We will use the per-barcode pre_count and expression scores to filter out escape scores used in computing per-homolog escape.

First, let’s look at the distribution of pre-counts across barcodes. The median pre-count is 328. Vertical lines on the two plots below indicate a threshold for pre_count of 1/2 that of the median pre-count, which is what we’ll apply below.

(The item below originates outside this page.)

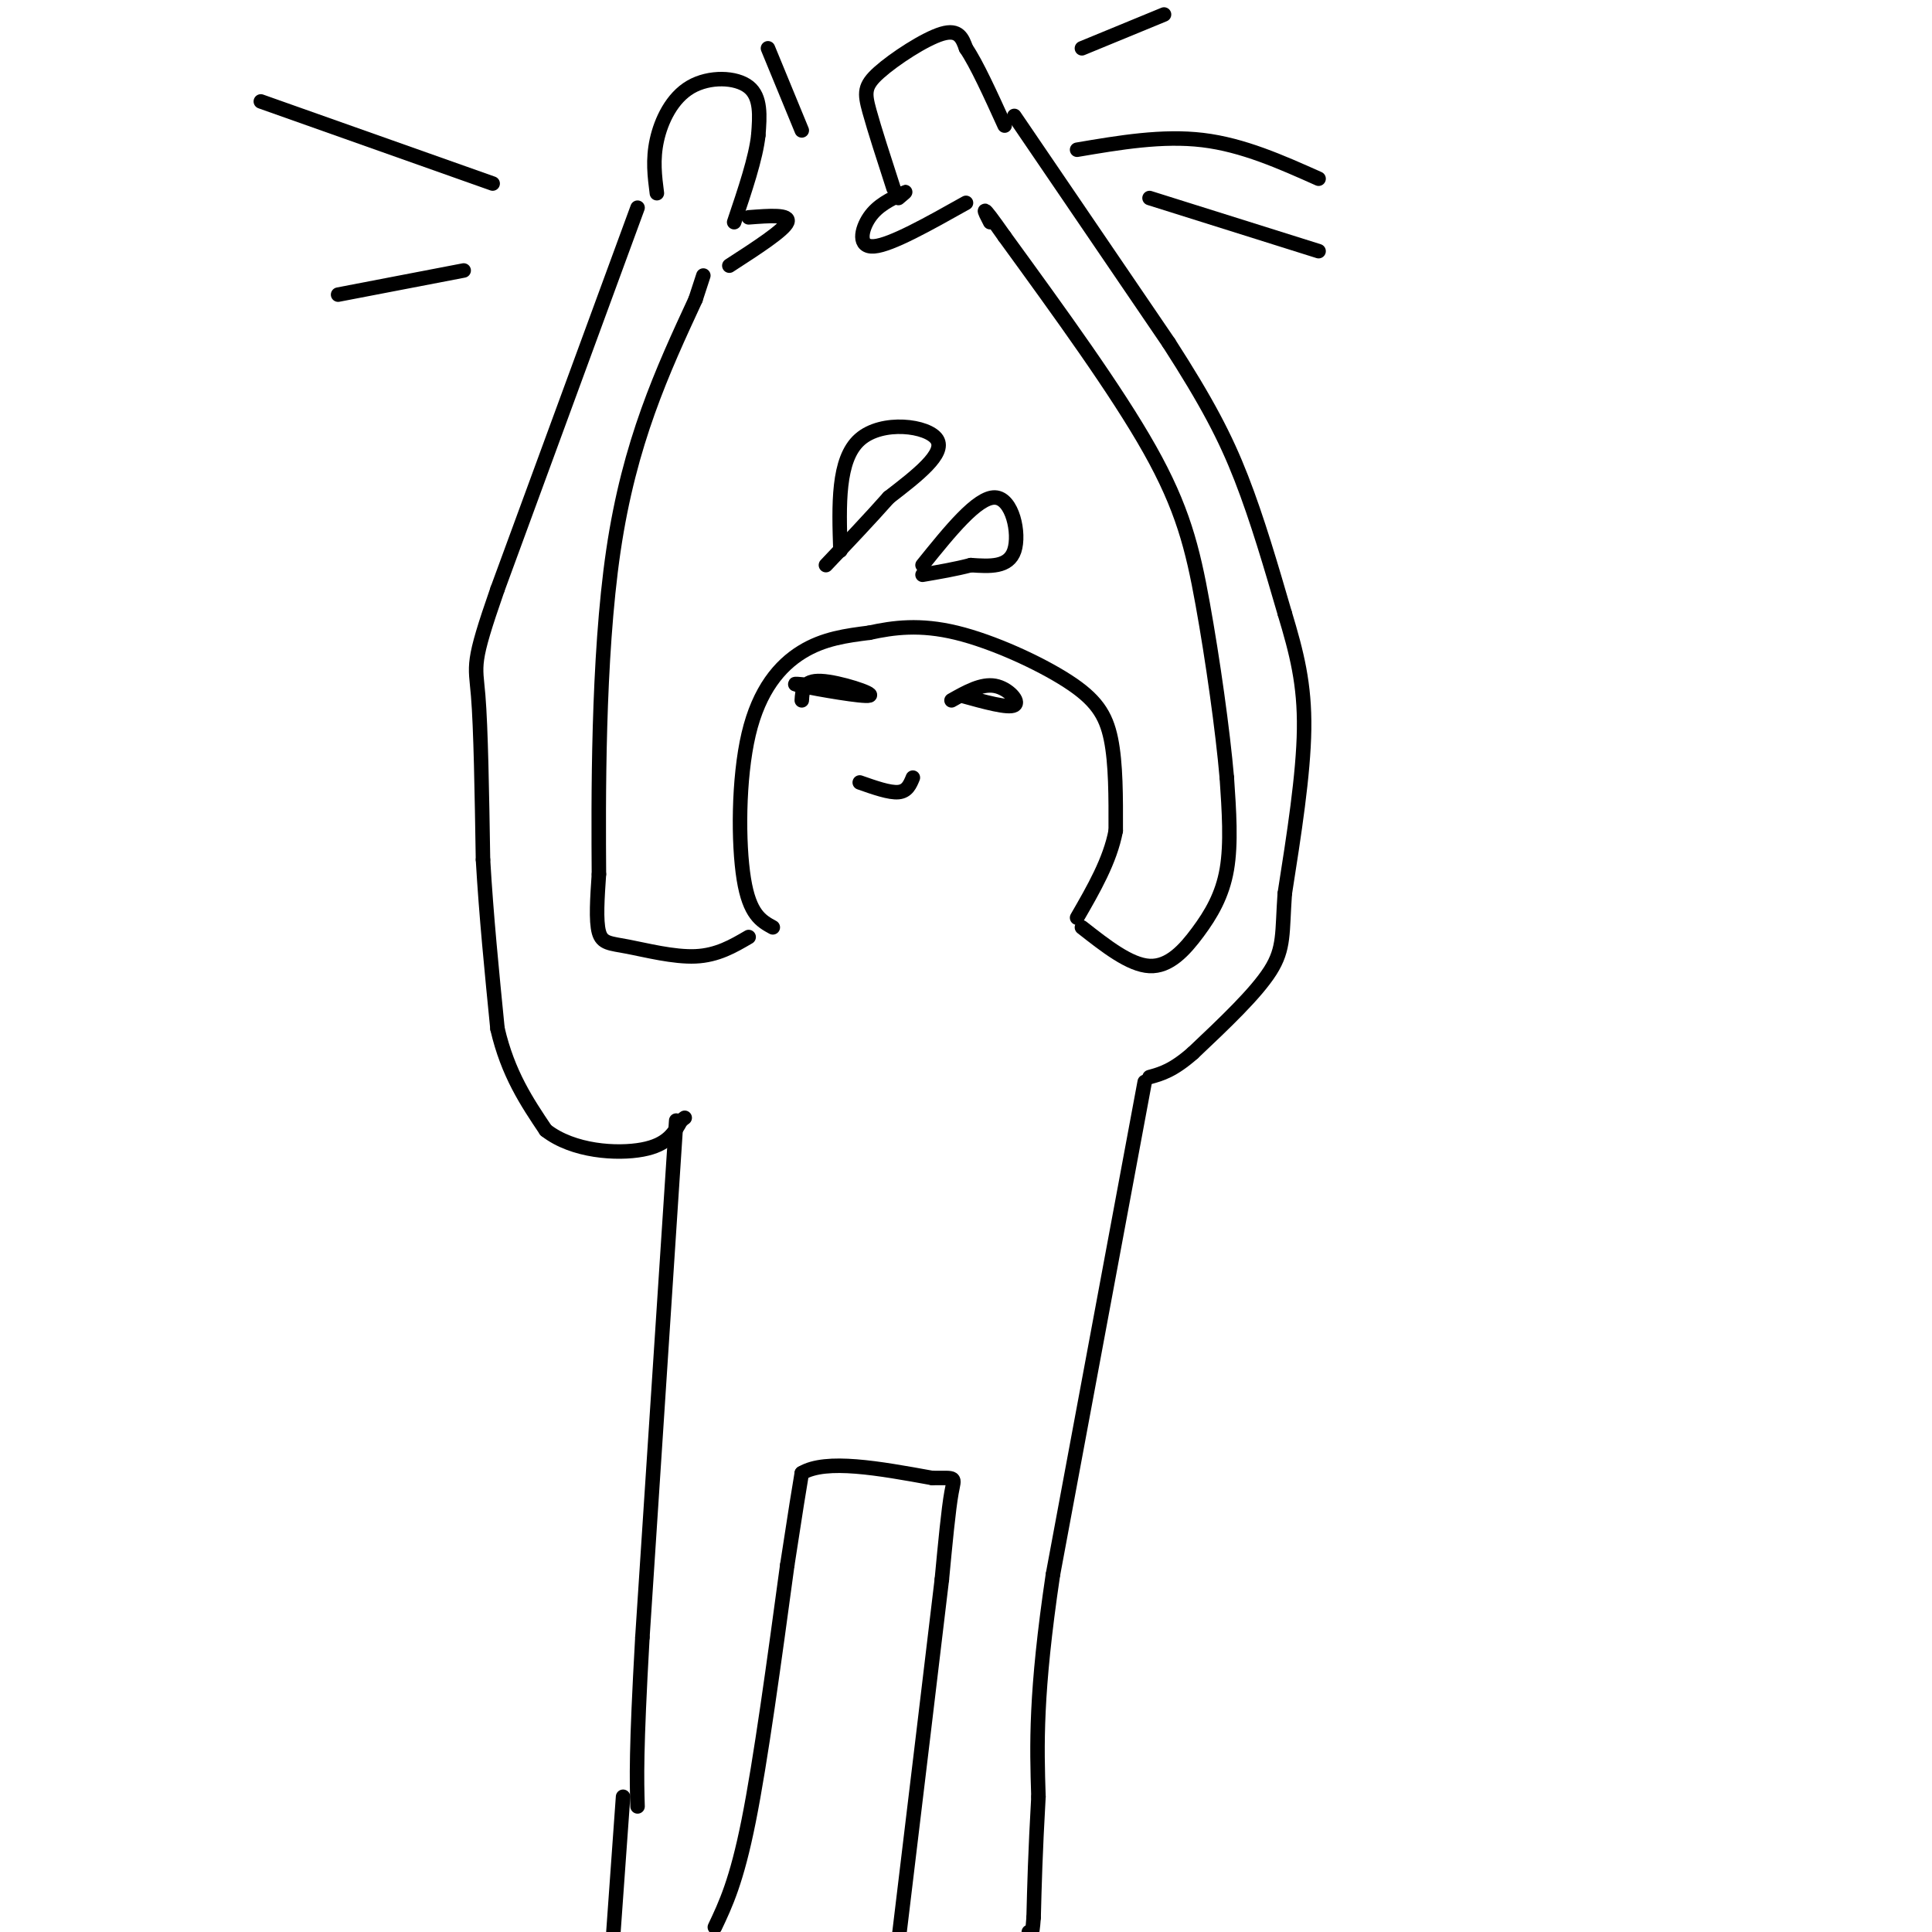 <svg viewBox='0 0 400 400' version='1.1' xmlns='http://www.w3.org/2000/svg' xmlns:xlink='http://www.w3.org/1999/xlink'><g fill='none' stroke='#000000' stroke-width='3' stroke-linecap='round' stroke-linejoin='round'><path d='M160,192c-2.405,-1.315 -4.810,-2.631 -6,-10c-1.190,-7.369 -1.167,-20.792 1,-30c2.167,-9.208 6.476,-14.202 11,-17c4.524,-2.798 9.262,-3.399 14,-4'/><path d='M180,131c4.989,-1.094 10.461,-1.829 18,0c7.539,1.829 17.145,6.223 23,10c5.855,3.777 7.959,6.936 9,12c1.041,5.064 1.021,12.032 1,19'/><path d='M231,172c-1.167,6.167 -4.583,12.083 -8,18'/><path d='M166,145c0.125,-2.089 0.250,-4.179 4,-4c3.750,0.179 11.125,2.625 10,3c-1.125,0.375 -10.750,-1.321 -14,-2c-3.250,-0.679 -0.125,-0.339 3,0'/><path d='M169,142c0.500,0.000 0.250,0.000 0,0'/><path d='M197,145c3.111,-1.756 6.222,-3.511 9,-3c2.778,0.511 5.222,3.289 4,4c-1.222,0.711 -6.111,-0.644 -11,-2'/><path d='M178,162c3.083,1.083 6.167,2.167 8,2c1.833,-0.167 2.417,-1.583 3,-3'/><path d='M155,194c-3.244,1.899 -6.488,3.798 -11,4c-4.512,0.202 -10.292,-1.292 -14,-2c-3.708,-0.708 -5.345,-0.631 -6,-3c-0.655,-2.369 -0.327,-7.185 0,-12'/><path d='M124,181c-0.089,-14.444 -0.311,-44.556 3,-67c3.311,-22.444 10.156,-37.222 17,-52'/><path d='M144,62c2.833,-8.667 1.417,-4.333 0,0'/><path d='M224,192c4.964,3.899 9.929,7.798 14,8c4.071,0.202 7.250,-3.292 10,-7c2.750,-3.708 5.071,-7.631 6,-13c0.929,-5.369 0.464,-12.185 0,-19'/><path d='M254,161c-0.833,-9.702 -2.917,-24.458 -5,-36c-2.083,-11.542 -4.167,-19.869 -11,-32c-6.833,-12.131 -18.417,-28.065 -30,-44'/><path d='M208,49c-5.500,-7.833 -4.250,-5.417 -3,-3'/><path d='M136,40c-0.446,-3.464 -0.893,-6.929 0,-11c0.893,-4.071 3.125,-8.750 7,-11c3.875,-2.250 9.393,-2.071 12,0c2.607,2.071 2.304,6.036 2,10'/><path d='M157,28c-0.500,4.667 -2.750,11.333 -5,18'/><path d='M155,45c4.333,-0.333 8.667,-0.667 8,1c-0.667,1.667 -6.333,5.333 -12,9'/><path d='M200,42c-7.756,4.356 -15.511,8.711 -19,9c-3.489,0.289 -2.711,-3.489 -1,-6c1.711,-2.511 4.356,-3.756 7,-5'/><path d='M187,40c1.000,-0.667 0.000,0.167 -1,1'/><path d='M185,39c-1.982,-6.113 -3.964,-12.226 -5,-16c-1.036,-3.774 -1.125,-5.208 2,-8c3.125,-2.792 9.464,-6.940 13,-8c3.536,-1.060 4.268,0.970 5,3'/><path d='M200,10c2.167,3.167 5.083,9.583 8,16'/><path d='M132,43c0.000,0.000 -29.000,79.000 -29,79'/><path d='M103,122c-5.444,15.667 -4.556,15.333 -4,22c0.556,6.667 0.778,20.333 1,34'/><path d='M100,178c0.667,11.500 1.833,23.250 3,35'/><path d='M103,213c2.167,9.333 6.083,15.167 10,21'/><path d='M113,234c5.644,4.422 14.756,4.978 20,4c5.244,-0.978 6.622,-3.489 8,-6'/><path d='M141,232c1.333,-1.000 0.667,-0.500 0,0'/><path d='M210,24c0.000,0.000 32.000,47.000 32,47'/><path d='M242,71c7.911,12.289 11.689,19.511 15,28c3.311,8.489 6.156,18.244 9,28'/><path d='M266,127c2.467,8.178 4.133,14.622 4,24c-0.133,9.378 -2.067,21.689 -4,34'/><path d='M266,185c-0.578,8.089 -0.022,11.311 -3,16c-2.978,4.689 -9.489,10.844 -16,17'/><path d='M247,218c-4.167,3.667 -6.583,4.333 -9,5'/><path d='M174,114c-0.311,-9.444 -0.622,-18.889 4,-23c4.622,-4.111 14.178,-2.889 16,0c1.822,2.889 -4.089,7.444 -10,12'/><path d='M184,103c-3.833,4.333 -8.417,9.167 -13,14'/><path d='M191,117c5.689,-7.067 11.378,-14.133 15,-14c3.622,0.133 5.178,7.467 4,11c-1.178,3.533 -5.089,3.267 -9,3'/><path d='M201,117c-3.167,0.833 -6.583,1.417 -10,2'/><path d='M140,232c0.000,0.000 -7.000,107.000 -7,107'/><path d='M133,339c-1.333,23.667 -1.167,29.333 -1,35'/><path d='M237,224c0.000,0.000 -19.000,102.000 -19,102'/><path d='M218,326c-3.667,24.667 -3.333,35.333 -3,46'/><path d='M215,372c-0.667,11.833 -0.833,18.417 -1,25'/><path d='M214,397c-0.333,4.667 -0.667,3.833 -1,3'/><path d='M129,372c0.000,0.000 -2.000,28.000 -2,28'/><path d='M148,399c2.250,-4.750 4.500,-9.500 7,-22c2.500,-12.500 5.250,-32.750 8,-53'/><path d='M163,324c1.833,-12.000 2.417,-15.500 3,-19'/><path d='M166,305c5.000,-3.000 16.000,-1.000 27,1'/><path d='M193,306c5.178,0.022 4.622,-0.422 4,3c-0.622,3.422 -1.311,10.711 -2,18'/><path d='M195,327c-1.833,15.500 -5.417,45.250 -9,75'/><path d='M102,38c0.000,0.000 -48.000,-17.000 -48,-17'/><path d='M96,56c0.000,0.000 -26.000,5.000 -26,5'/><path d='M223,31c8.833,-1.500 17.667,-3.000 26,-2c8.333,1.000 16.167,4.500 24,8'/><path d='M238,41c0.000,0.000 35.000,11.000 35,11'/><path d='M224,10c0.000,0.000 17.000,-7.000 17,-7'/><path d='M166,27c0.000,0.000 -7.000,-17.000 -7,-17'/></g>
</svg>

hist(log10(dt$pre_count),col="gray50",main="",xlab="pre-selection sequencing count (log10 scale)");abline(v=log10(0.5*median(dt$pre_count)),col="red",lty=2)

Let’s also see how escape fraction correlates with pre-count. Theoretically, escape\_fraction should not exceed 1, though we see it does, particularly when pre\_count is lower.

plot(dt$pre_count,dt$escape_frac,pch=16,col="#00000060",log="x",xlab="pre-count (log scale)",ylab="escape fraction (shouldn't exceed 1)")
abline(h=1,lty=2,col="red")
abline(v=0.5*median(dt$pre_count),lty=2,col="red")

Remove barcode measurements for those where pre-count is less than half the median pre-count. This corresponds to removing variants with less than 164 pre-sort counts.

dt <- dt[pre_count > 0.5*median(dt$pre_count),]

Censor NA measurements for AncSARS1a_alt and HKU3-8 which were generally non-expressing from our prior measurements (and so any barcodes that eke through are probably poorly expressed/artefactual)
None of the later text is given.